● Exercise objective:
Please count the lines in the material below that include "open". Reply with the number alone.
= Beginning of Section =
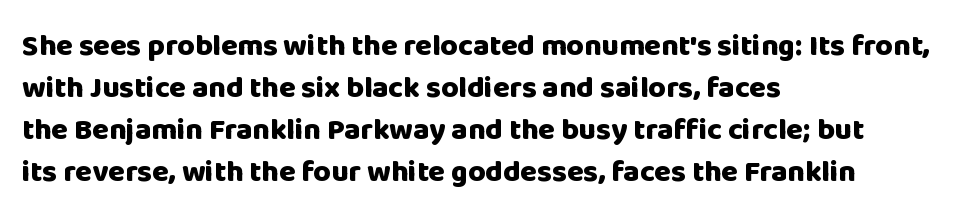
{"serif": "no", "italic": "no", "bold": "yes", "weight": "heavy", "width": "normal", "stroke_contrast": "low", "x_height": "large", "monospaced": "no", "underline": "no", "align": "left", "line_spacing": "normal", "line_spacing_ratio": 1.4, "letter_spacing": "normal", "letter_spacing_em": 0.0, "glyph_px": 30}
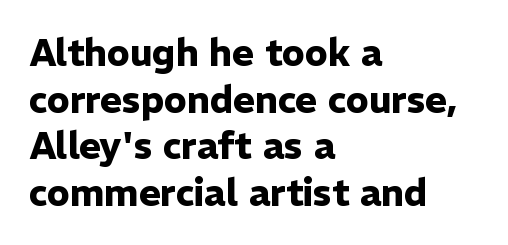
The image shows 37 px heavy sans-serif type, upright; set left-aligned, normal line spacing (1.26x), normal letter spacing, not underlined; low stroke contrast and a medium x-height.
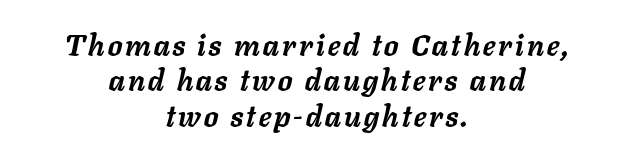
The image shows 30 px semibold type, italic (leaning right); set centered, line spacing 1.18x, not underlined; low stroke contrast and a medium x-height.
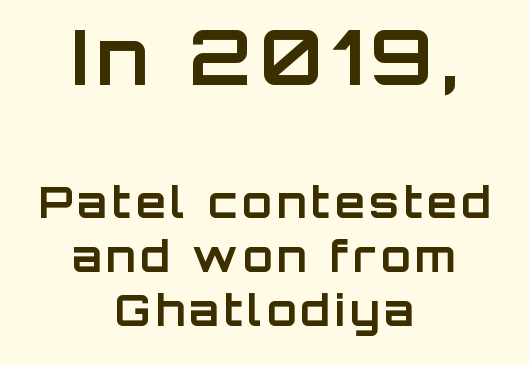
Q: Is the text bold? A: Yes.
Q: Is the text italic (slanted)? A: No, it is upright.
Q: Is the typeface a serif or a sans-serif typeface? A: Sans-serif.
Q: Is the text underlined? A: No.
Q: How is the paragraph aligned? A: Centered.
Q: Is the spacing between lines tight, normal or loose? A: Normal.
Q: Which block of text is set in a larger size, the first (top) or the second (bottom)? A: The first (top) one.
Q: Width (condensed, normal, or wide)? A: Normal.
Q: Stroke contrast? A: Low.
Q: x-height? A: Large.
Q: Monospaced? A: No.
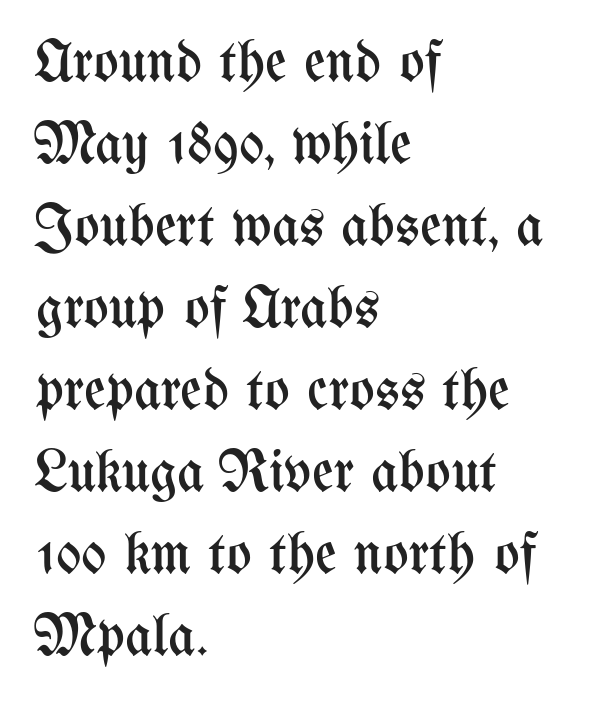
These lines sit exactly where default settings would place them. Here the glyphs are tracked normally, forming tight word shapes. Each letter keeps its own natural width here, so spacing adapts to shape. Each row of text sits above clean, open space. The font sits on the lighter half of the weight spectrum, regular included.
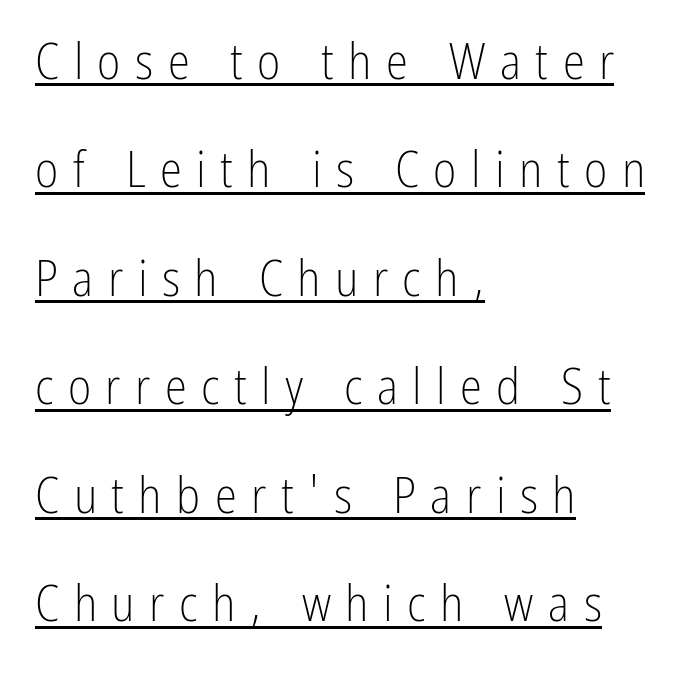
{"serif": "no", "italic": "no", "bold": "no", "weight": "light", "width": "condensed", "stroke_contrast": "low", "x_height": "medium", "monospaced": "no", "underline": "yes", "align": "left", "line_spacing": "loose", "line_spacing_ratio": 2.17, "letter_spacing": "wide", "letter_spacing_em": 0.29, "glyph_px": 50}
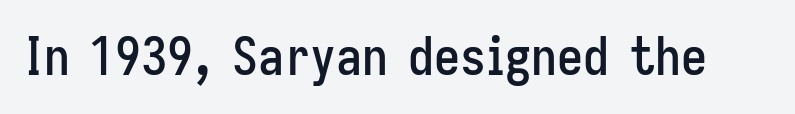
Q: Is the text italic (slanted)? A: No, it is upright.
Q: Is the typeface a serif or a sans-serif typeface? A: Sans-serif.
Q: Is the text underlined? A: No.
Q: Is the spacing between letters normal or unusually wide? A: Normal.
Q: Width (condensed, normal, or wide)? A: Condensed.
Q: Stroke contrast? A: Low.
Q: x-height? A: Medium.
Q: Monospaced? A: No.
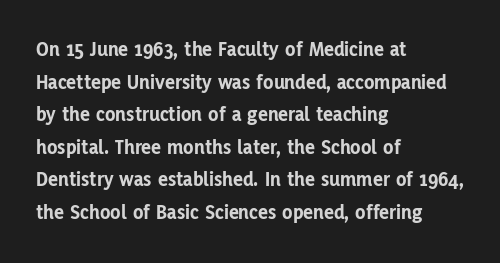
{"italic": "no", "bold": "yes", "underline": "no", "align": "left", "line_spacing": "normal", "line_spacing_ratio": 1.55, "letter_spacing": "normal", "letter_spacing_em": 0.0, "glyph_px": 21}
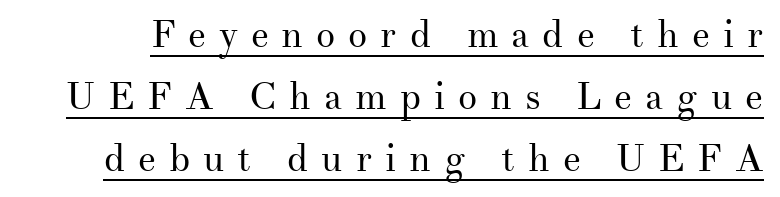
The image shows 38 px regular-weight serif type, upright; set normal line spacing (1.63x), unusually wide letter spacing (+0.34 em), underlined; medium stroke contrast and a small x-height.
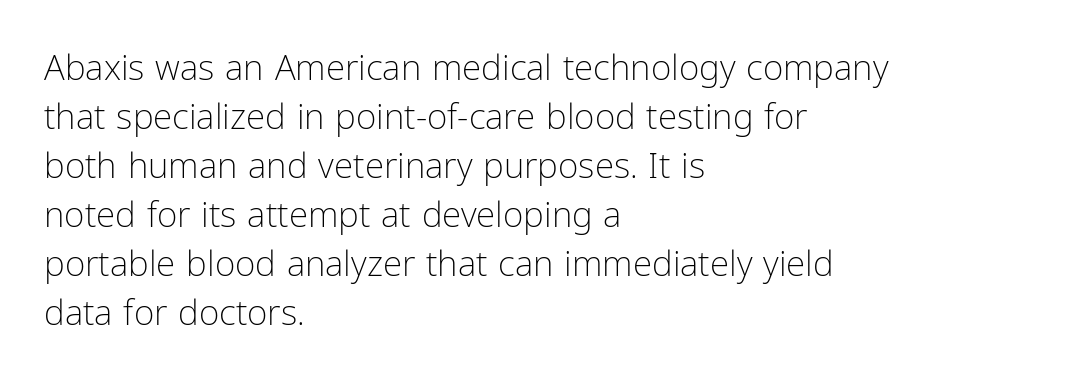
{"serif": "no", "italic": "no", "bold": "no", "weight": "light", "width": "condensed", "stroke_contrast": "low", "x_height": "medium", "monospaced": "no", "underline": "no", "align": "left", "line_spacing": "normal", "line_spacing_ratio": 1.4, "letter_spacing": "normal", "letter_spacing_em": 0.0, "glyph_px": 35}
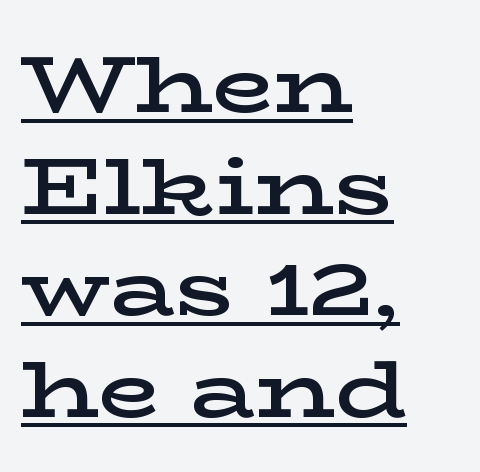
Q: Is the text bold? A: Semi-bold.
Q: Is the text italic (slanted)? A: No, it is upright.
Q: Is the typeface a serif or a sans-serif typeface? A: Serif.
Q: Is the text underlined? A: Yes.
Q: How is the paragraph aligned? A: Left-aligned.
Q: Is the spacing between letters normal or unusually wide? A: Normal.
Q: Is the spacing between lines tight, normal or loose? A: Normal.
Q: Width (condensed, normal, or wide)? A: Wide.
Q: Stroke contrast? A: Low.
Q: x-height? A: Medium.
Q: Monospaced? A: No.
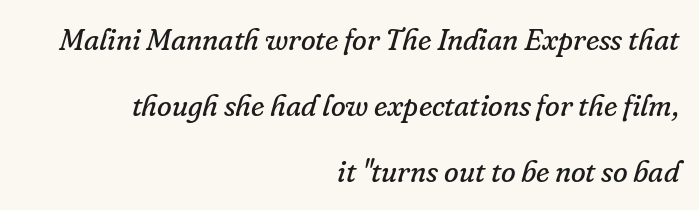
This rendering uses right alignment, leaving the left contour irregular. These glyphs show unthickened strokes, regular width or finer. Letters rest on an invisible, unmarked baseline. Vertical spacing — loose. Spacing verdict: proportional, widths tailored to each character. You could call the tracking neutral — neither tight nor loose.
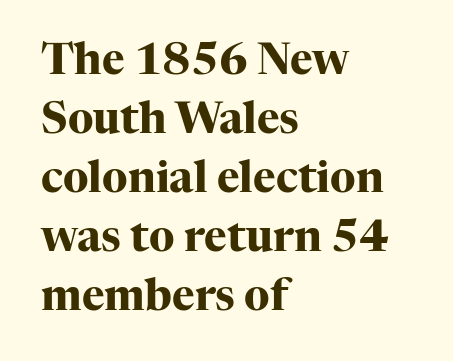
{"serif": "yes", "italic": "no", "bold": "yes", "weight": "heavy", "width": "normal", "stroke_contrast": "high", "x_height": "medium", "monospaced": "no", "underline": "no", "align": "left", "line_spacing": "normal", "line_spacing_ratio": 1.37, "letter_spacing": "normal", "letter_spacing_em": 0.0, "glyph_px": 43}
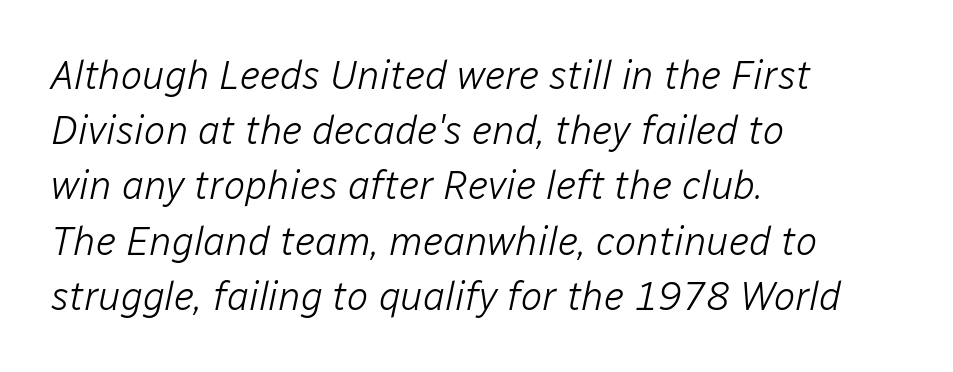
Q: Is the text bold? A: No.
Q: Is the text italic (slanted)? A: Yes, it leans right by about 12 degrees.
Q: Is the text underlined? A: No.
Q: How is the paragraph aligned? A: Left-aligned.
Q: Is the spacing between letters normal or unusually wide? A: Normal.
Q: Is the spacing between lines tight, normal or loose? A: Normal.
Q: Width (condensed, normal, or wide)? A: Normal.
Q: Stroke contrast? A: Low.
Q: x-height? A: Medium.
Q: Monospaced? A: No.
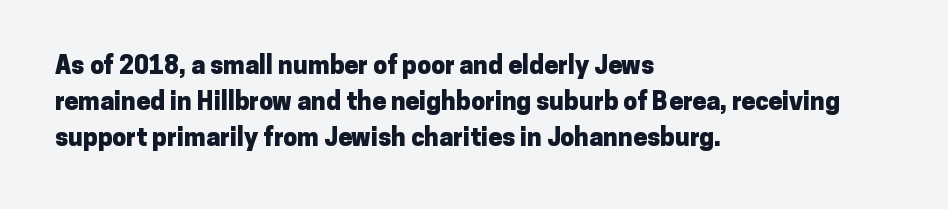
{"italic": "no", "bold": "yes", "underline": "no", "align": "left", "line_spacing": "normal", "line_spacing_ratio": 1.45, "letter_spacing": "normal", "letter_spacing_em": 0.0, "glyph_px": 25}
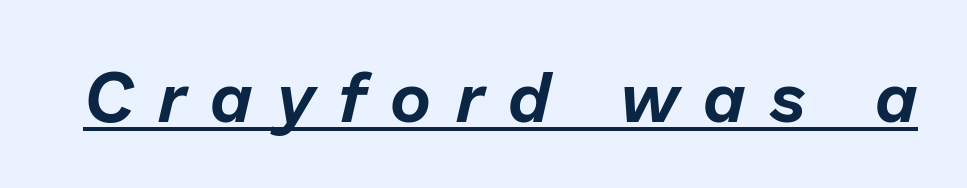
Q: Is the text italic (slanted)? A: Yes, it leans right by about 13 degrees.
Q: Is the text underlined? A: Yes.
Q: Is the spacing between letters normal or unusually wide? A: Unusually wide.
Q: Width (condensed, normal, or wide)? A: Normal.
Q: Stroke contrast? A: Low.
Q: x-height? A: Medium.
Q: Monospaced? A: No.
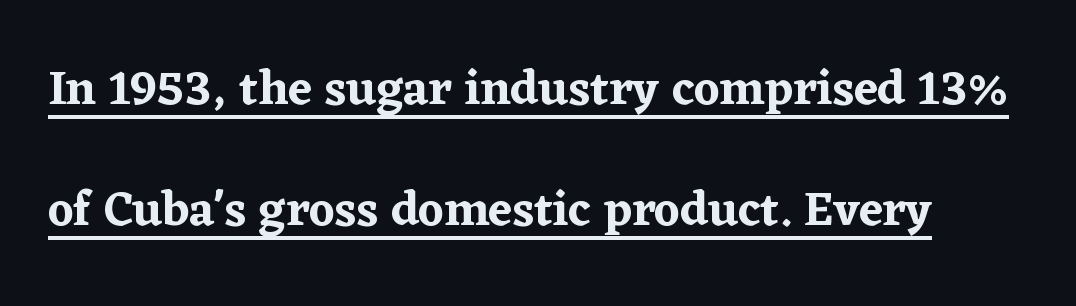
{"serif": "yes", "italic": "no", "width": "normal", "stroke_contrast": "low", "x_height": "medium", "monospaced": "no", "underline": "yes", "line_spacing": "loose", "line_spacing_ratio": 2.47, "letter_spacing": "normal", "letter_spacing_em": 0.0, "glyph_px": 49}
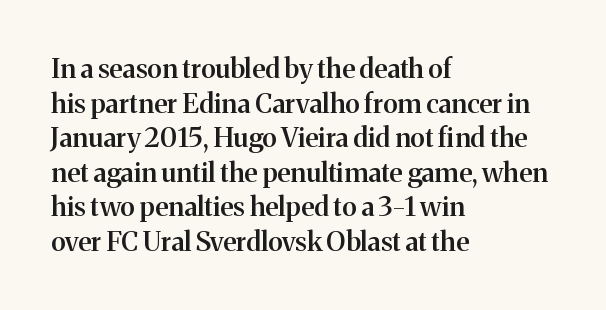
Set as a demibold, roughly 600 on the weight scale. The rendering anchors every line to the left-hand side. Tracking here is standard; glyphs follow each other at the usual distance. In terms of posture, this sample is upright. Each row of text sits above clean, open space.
= End of Section =
● Finished exercise:
2